The playboy of Glenageary

The short story The playboy of Glenageary by Joseph O’Connor (an extract from Synge: A Celebration, edited by Colm Tóibín), inspired by real events in the life of JM Synge, speaks of the playwright in first person.

I find this story an ironic testimony of the playwright about himself. Himself and his dried out life. He’s writing in future tense, like everything is determined. He knows everything, not only about himself – he knows everything even about the one he loves. Is there anything more boring from pure determination, especially after it is known, uncovered… But
he is aware of this boredom, and narcistically in love with it. In love with himself, his lack of vividness, his “oldness” (with 36!?!), his lack of daring, lack of fighting for himself. He keeps it as the most unchangeable physical law. He alone is the gravity itself. And all the other things are just mare planets turning around in a predetermined way. He is everything to those he cares for (the mother, the lover). He is always behind: behind the stage, behind her life, even behind his own life. Married only to himself and his mother. And after finding all this out, he can only expose it in half content, half ironic way. The most interesting combination, I’d say!
It might seem that there is a big similarity between the storyteller of this story and Prufrock (both are ironic and both in a way narcistic), but while Prufrock wonders if he should dare, while he thinks, reflects about it, this storyteller is far away from any sort of wondering. For him, it’s all set forth,
like a drama play. For Prufrock, on the other hand, the universe is too big to be squeezed into a ball.

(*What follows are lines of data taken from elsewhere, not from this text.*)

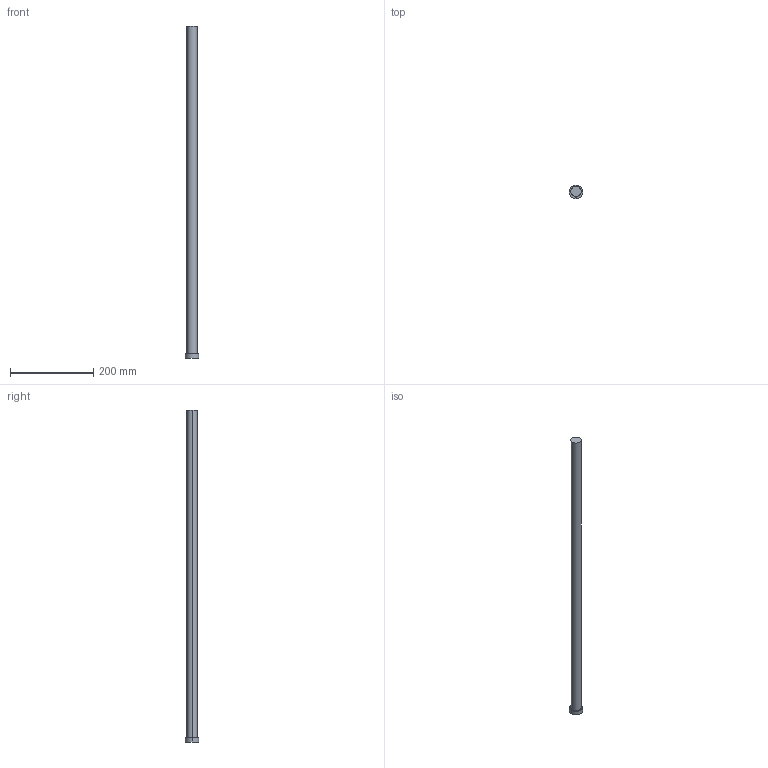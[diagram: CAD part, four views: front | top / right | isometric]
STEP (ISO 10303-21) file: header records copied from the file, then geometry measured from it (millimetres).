
FILE_DESCRIPTION (( 'STEP AP203' ), '1' );
FILE_NAME ('5e6f.STEP', '2023-02-13T07:31:16', ( '' ), ( '' ), 'SwSTEP 2.0', 'SolidWorks 2019', '' );
FILE_SCHEMA (( 'CONFIG_CONTROL_DESIGN' ));
Length unit declared in the file: millimetre
Products named in the file (1): 5e6f
Bounding box: 32 x 32 x 800 mm (x, y, z)
Volume: 395832.8 mm3; surface area: 64660.3 mm2
Topology: 1 solids, 1 shells, 7 faces, 12 edges, 8 vertices
Faces by surface type: cylinder 4, plane 3
Entity records: 251 total; most frequent: DIRECTION 36, CARTESIAN_POINT 28, ORIENTED_EDGE 24, AXIS2_PLACEMENT_3D 16, EDGE_CURVE 12, CIRCLE 8, EDGE_LOOP 8, PERSON_AND_ORGANIZATION 8
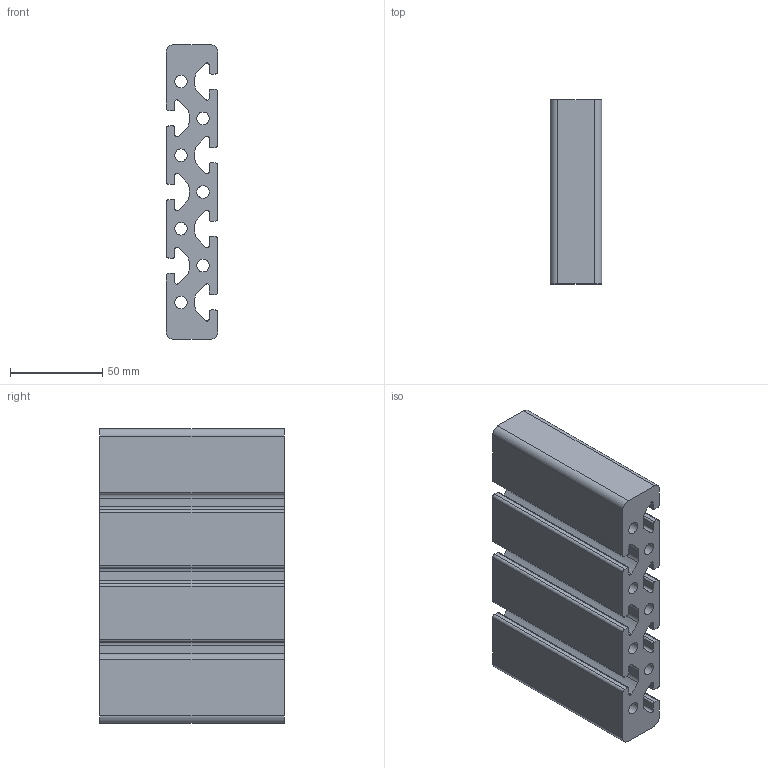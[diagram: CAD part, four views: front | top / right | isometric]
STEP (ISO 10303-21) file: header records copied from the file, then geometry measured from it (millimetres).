
FILE_DESCRIPTION( ( 'Unknown' ), '1' );
FILE_NAME( 'I8-28160.stp', 'Unknown', ( 'Unknown' ), ( 'Unknown' ), 'XStep 1.0', 'Unknown', ' ' );
FILE_SCHEMA( ( 'automotive_design' ) );
Length unit declared in the file: millimetre
Products named in the file (1): 1
Bounding box: 28 x 100 x 160 mm (x, y, z)
Volume: 309850.6 mm3; surface area: 84728.6 mm2
Topology: 1 solids, 1 shells, 129 faces, 381 edges, 254 vertices
Faces by surface type: cylinder 81, plane 48
Full cylindrical faces by diameter (mm): 6.8 x7
Entity records: 5418 total; most frequent: DIRECTION 796, CARTESIAN_POINT 758, ORIENTED_EDGE 748, EDGE_CURVE 374, AXIS2_PLACEMENT_3D 292, VERTEX_POINT 254, LINE 212, VECTOR 212

Prufrock against the Lust?

I can’t accept that Prufrock is striking against the lust (which would be, in this case, going against the life itself); the whole poem is so full of passion, and to give Prufrock a role of a “moral teacher” or of the “voice of conscience” would do the unjust to the poem. The lines that make me say this, are first those where he says “That is not what I meant at all. That is not it, at all.” Now, I don’t think this negation is simply something that Prufrock expects as a potential answer to his “disturbing of the universe”; it is also what he himself agrees with – that all these possible “warnings” cannot simply “squeeze the universe into a ball”, as “that is not it at all”.
I think lust is one of those things belonging to “this world”, the world of everyday life, and it falls under the things Prufrock would like not to criticize, but to subject to the burden of time. When he says that there will be time to wonder “Do I dare?”, he tells us two things:
1) we all the time stand in front of the point which, if crossed, we start daring (that’s why the second reflective questions “and, ‘Do I dare?’” – dare to act against this everyday life, to put questions, to question the time itself and the entire meaning of life;
2) the question of daring shows that Prufrock isn’t afraid of lust (to dare is, in a way, a lustful action, it’s a way of stepping over the borders of what is simply given).
Prufrock knows there’s something wrong with this usual, unreflected living, but he is, on the other hand, uncertain if questioning it would make any
sense, if it would bring anything or just miss the point. He knows in the end he wouldn’t be satisfied (”And I have seen the eternal Footman hold my coat, and snicker, And in short, I was afraid.” – afraid of not knowing the sense of everything, of life, of love, of lust, of time, of finiteness, of death).
Although it might seem that motives of Lazarus and John the Baptist are directly referring to lust and sin, lust and sin are here more symbols for something mortal, human, which cannot be understood by a simple reflection, cause “this is not it at all”.
As for the mermaids, maybe we should remember Ulysses at this point: Prufrock maybe wants to say that he’s too far in his thoughts in order to be able to hear the song of enchantment; he can see them and hear them, but he remains outside of their game. He has been among them, has played the games of love and passion, until human voices – our thoughts, reflections – wake him and he drowns.
In any case, I don’t think it is possible to put such a poem in the frame of only one interpretation. But it is wonderful to discuss its possible meanings!